25 física e se associado com a diminuição da força e da MME, podem potencializar a probabilidade de quedas, que contribuem para a incapacidade física da população em questão

A maior parte das mulheres exibiu um desempenho fraco no teste levantar e sentar na

cadeira e na flexão do antebraço, sendo o primeiro comprometido pela MG e, sobretudo, pela

idade. De acordo com Clark & Taylor (2011), após os 65 anos e a cada 5 anos a redução da força muscular situa-se entre 4,5% e 5,5%, afetando a capacidade de ativação dos neurónios motores pelo sistema nervoso, especialmente nos grandes grupos musculares.

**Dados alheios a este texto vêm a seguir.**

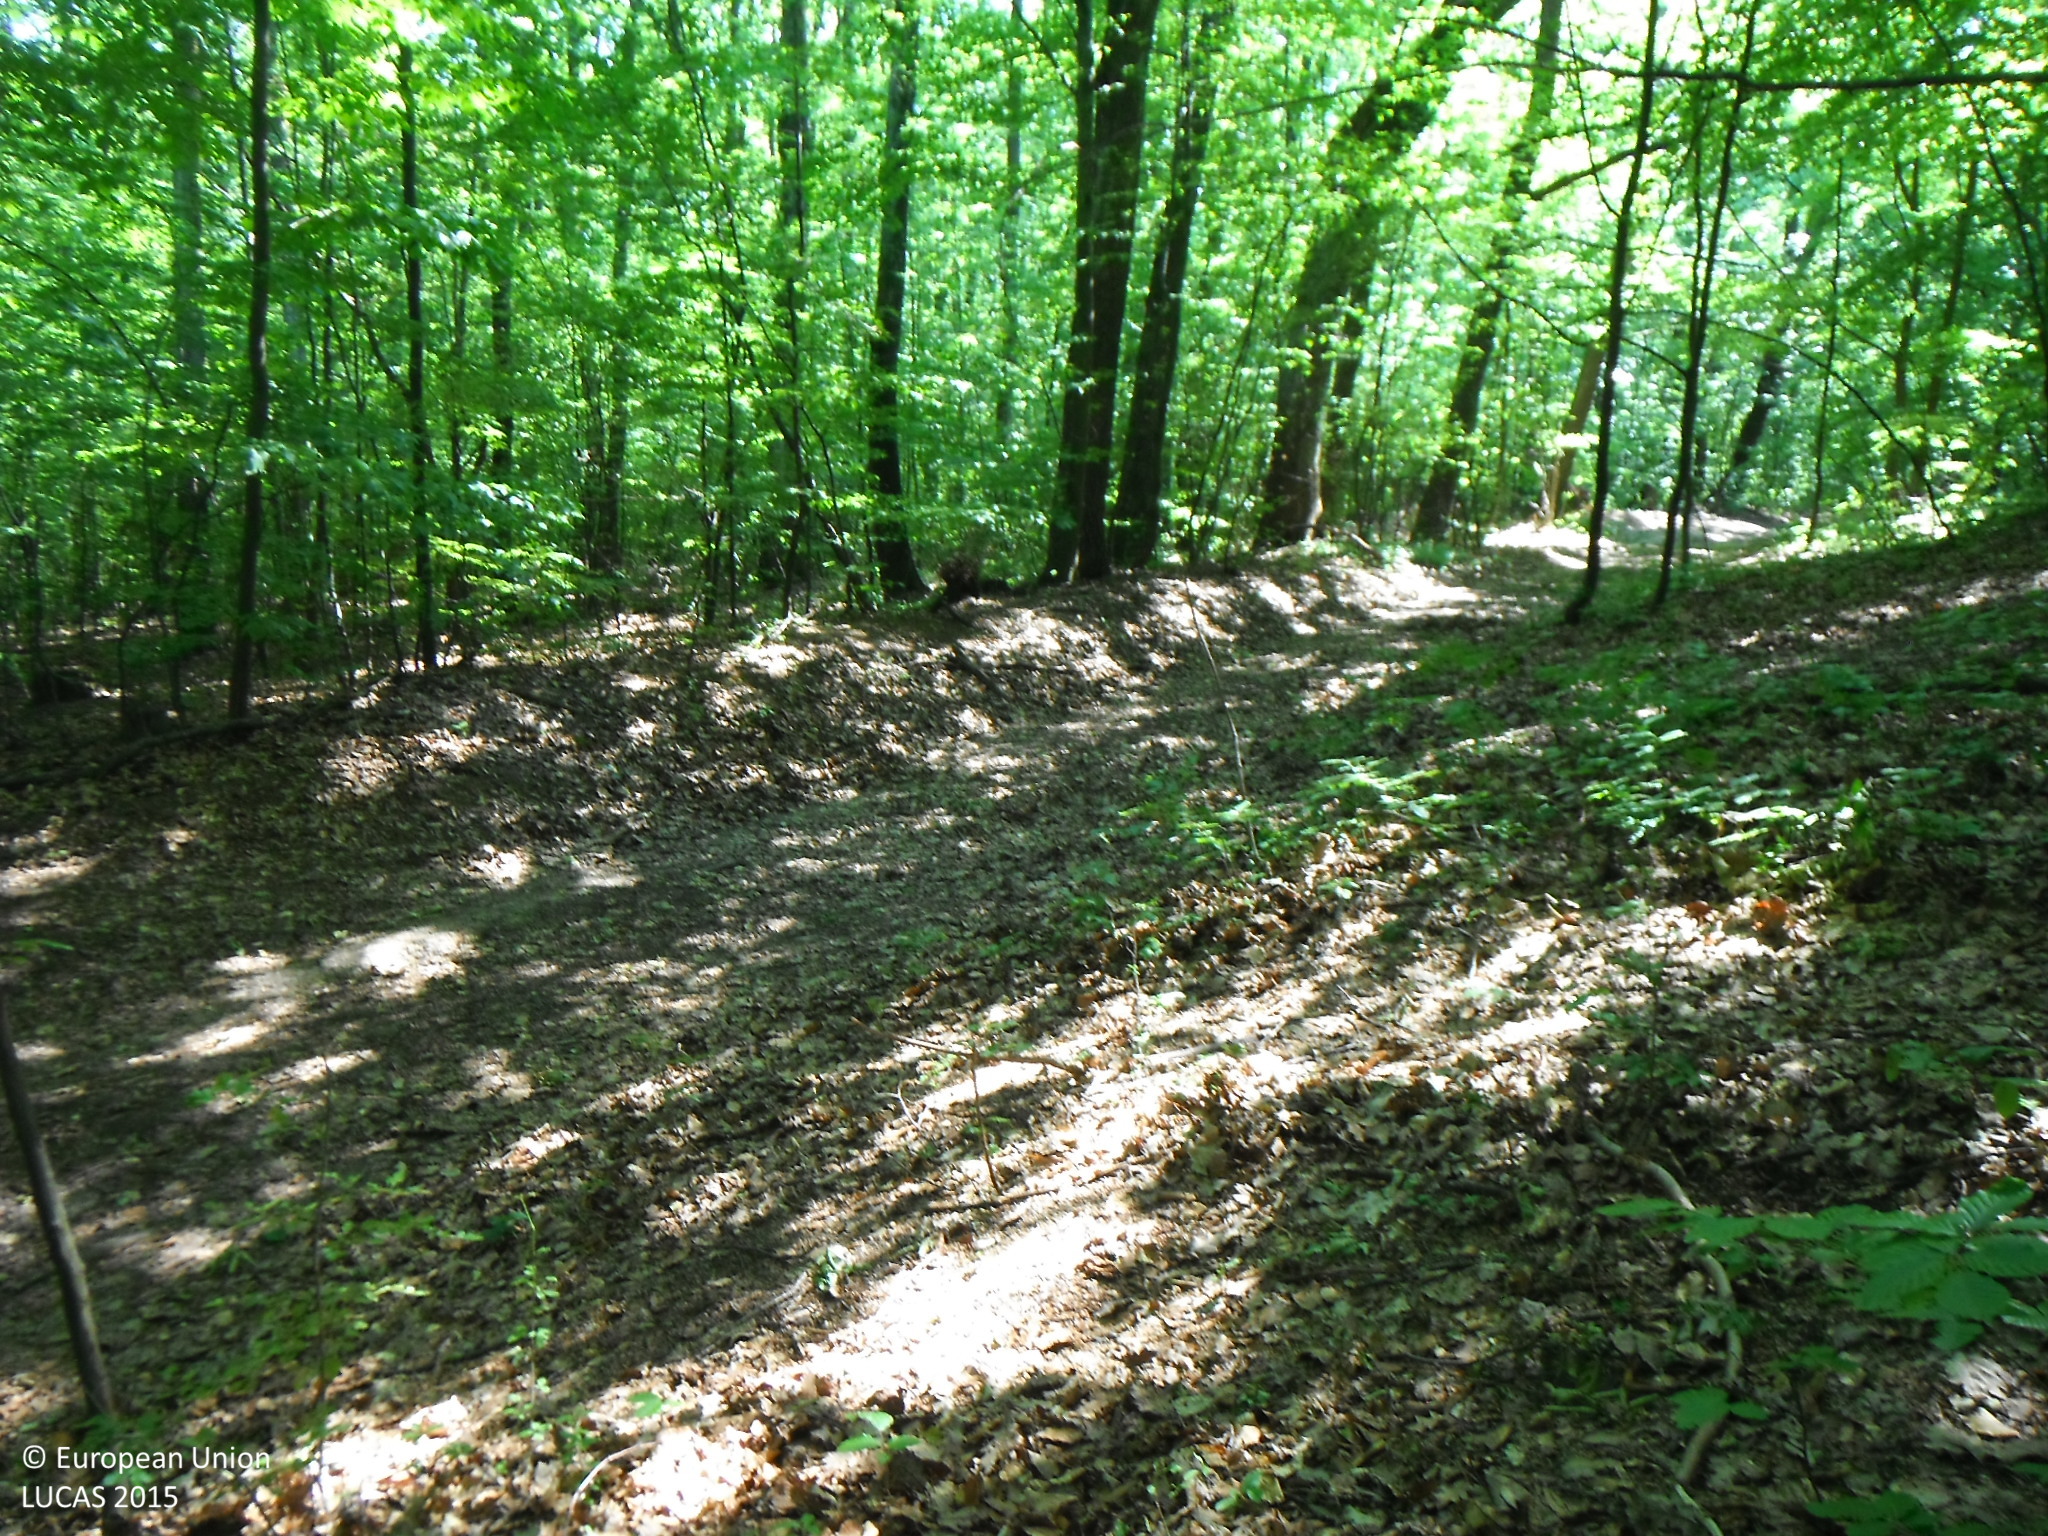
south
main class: Woodland
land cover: Broadleaved woodland
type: beech forest
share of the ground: > 75 %
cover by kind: broadleaved forest trees 95 %, shrubs 5 %
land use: Forestry
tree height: > 5 m
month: June
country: SK
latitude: 48.8674
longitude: 21.9005
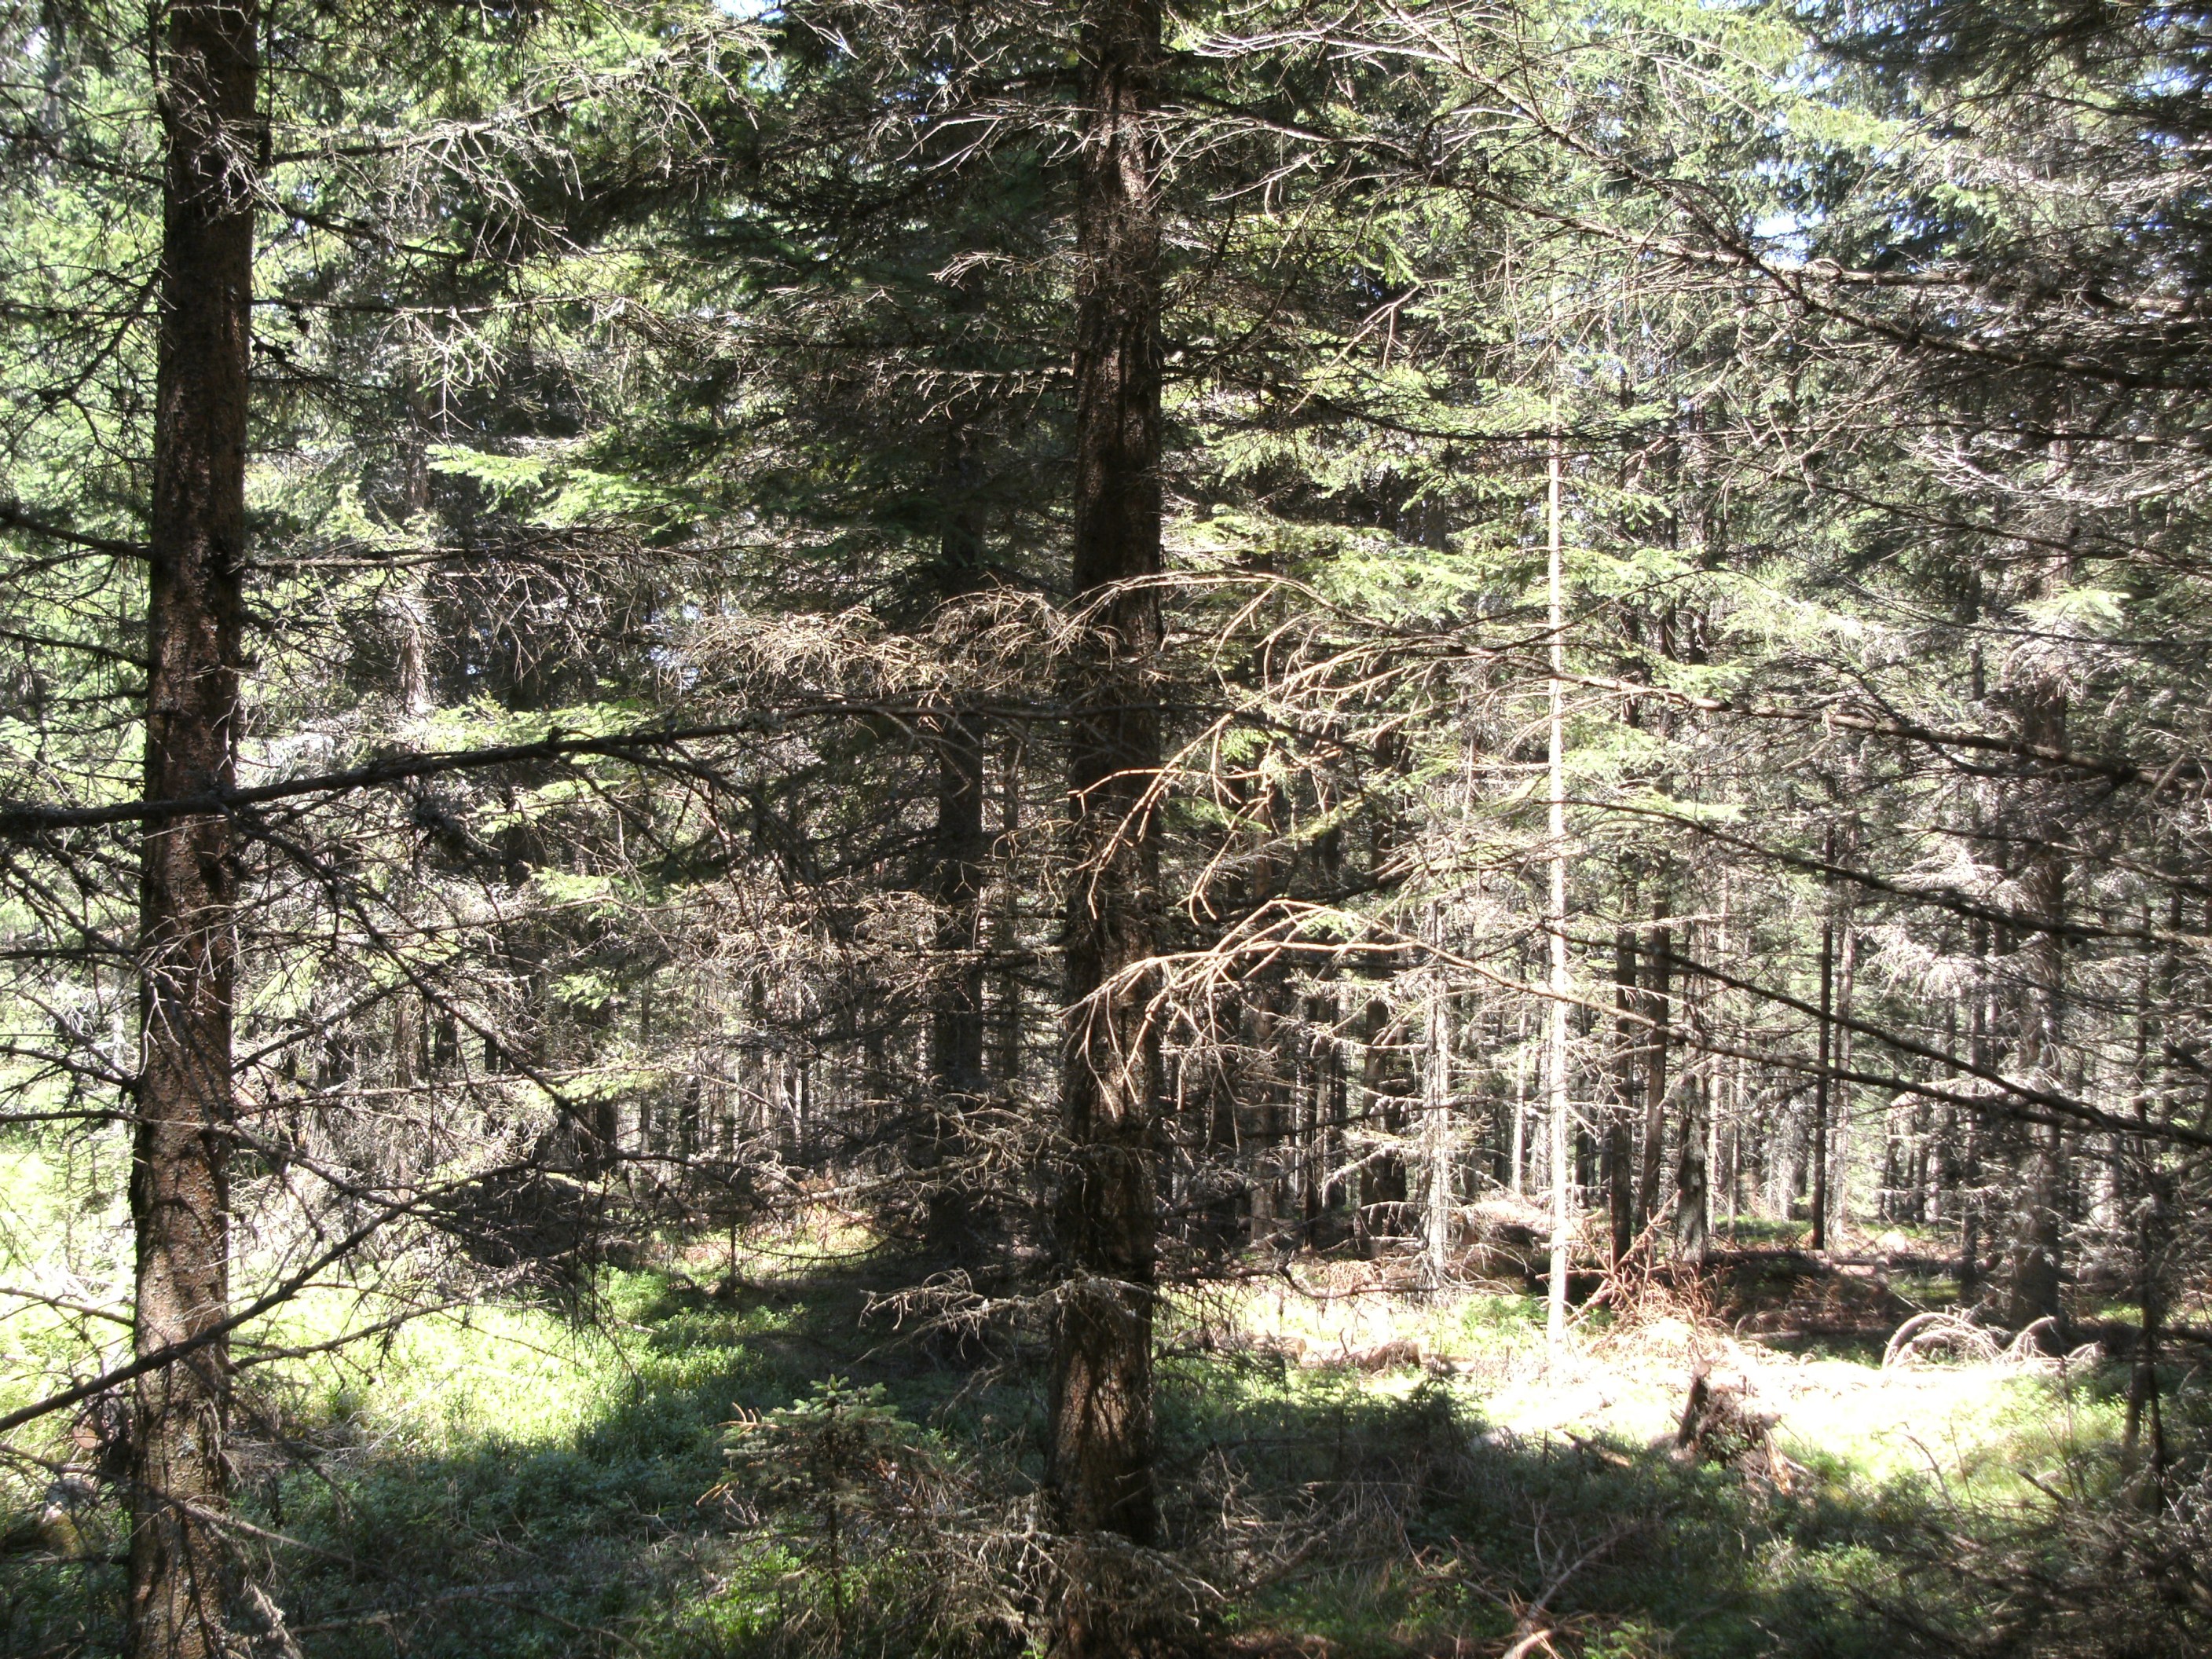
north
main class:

A menopausa gera uma diminuição da globulina de ligação às hormonas sexuais e o aumento da produção de citocinas pró-inflamatórias, como a interleucina 6 (IL-6) e o fator de necrose tumoral alfa (TNF-α), ambos produzidos nas células adiposas e ampliadas com o incremento dos níveis de adiposidade, aumentando o catabolismo das proteínas (Rolland & Vellas, 2009), com o consequente comprometimento da condição muscular da mulher.

Vários estudos já contribuíram para orientar a prescrição de exercício e a monitorização do mesmo em mulheres pós-menopáusicas (Moreira et al., 2008; Bann et al., 2014; Messier et al., 2011). Pitanga, Pitanga, Gabriel e Moreira (2014) sugerem que a prática de caminhada, reunindo um dispêndio energético semanal de 816 kcal, com intensidade de leva a moderada, previne a sarcopenia em mulheres pós-menopáusicas. Além do exercício aeróbio, é de suma importância a prática do treinamento de força e de acordo com Rocha et

al. (2012), a combinação dos dois métodos, com intensidade moderada a vigorosa revela-se

muito importante na pós-menopausa, ativando a produção de enzimas oxidativas nas mitocôndrias e favorecendo a síntese proteica (Short, Vittone, Bigelow, Proctor, & Nair, 2004).

A presente investigação contempla alguns aspetos importantes, como a confirmação da influência da composição corporal na aptidão física funcional da mulher pós-menopáusica, constituindo um pequeno contributo para a para melhoria dos programas de exercício orientados especificamente para as necessidades desta população. Porém, algumas limitações dessa investigação devem ser apontadas. Em primeiro lugar, os equipamentos utilizados para a avaliação da força de preensão manual e da composição corporal são amplamente reportadas na literatura, mas não estão entre os equipamentos mais rigorosos para avaliar as variáveis analisadas na presente investigação. Em segundo lugar, o estudo teria beneficiado da utilização de uma amostra mais representativa e da classificação da condição muscular, de acordo com a proposta do European Working Group on Sarcopenia in Older People (Cruz- Jentoft et al., 2010).